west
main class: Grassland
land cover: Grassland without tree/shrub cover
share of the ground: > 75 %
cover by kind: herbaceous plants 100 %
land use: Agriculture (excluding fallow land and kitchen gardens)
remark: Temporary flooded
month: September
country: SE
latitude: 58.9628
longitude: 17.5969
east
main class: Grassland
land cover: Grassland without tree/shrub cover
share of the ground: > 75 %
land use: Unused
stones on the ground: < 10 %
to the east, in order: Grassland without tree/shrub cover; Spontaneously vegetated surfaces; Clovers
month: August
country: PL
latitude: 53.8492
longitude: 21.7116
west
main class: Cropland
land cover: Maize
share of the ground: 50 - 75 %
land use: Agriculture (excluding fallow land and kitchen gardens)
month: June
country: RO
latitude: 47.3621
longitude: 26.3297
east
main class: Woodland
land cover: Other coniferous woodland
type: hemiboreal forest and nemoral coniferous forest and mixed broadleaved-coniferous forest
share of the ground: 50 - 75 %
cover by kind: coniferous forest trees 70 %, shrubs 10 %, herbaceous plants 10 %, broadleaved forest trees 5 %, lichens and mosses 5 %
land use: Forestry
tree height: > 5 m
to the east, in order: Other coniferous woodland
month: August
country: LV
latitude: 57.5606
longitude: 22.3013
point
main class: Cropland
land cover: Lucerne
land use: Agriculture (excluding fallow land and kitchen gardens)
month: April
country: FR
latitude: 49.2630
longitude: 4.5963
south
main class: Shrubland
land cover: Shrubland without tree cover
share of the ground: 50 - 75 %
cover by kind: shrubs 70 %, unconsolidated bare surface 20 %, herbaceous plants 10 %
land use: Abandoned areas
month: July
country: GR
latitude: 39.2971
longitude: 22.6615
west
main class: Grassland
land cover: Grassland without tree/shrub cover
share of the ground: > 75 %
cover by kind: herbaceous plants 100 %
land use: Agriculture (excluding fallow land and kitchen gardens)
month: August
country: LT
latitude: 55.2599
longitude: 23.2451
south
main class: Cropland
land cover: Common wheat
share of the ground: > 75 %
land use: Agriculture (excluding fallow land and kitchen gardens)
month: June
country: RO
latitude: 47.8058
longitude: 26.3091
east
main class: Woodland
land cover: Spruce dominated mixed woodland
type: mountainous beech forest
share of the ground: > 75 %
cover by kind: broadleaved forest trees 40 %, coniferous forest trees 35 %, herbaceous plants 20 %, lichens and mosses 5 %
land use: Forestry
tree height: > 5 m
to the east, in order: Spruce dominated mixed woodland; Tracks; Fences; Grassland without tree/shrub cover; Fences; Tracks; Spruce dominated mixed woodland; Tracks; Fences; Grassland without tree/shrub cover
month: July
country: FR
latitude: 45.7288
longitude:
===============
The required output is every line from the one with "longitude: 26.3091" to the final line of the entries, repeated exactly and with nothing else.

* **Exercise solution**:
longitude: 26.3091
east
main class: Woodland
land cover: Spruce dominated mixed woodland
type: mountainous beech forest
share of the ground: > 75 %
cover by kind: broadleaved forest trees 40 %, coniferous forest trees 35 %, herbaceous plants 20 %, lichens and mosses 5 %
land use: Forestry
tree height: > 5 m
to the east, in order: Spruce dominated mixed woodland; Tracks; Fences; Grassland without tree/shrub cover; Fences; Tracks; Spruce dominated mixed woodland; Tracks; Fences; Grassland without tree/shrub cover
month: July
country: FR
latitude: 45.7288
longitude:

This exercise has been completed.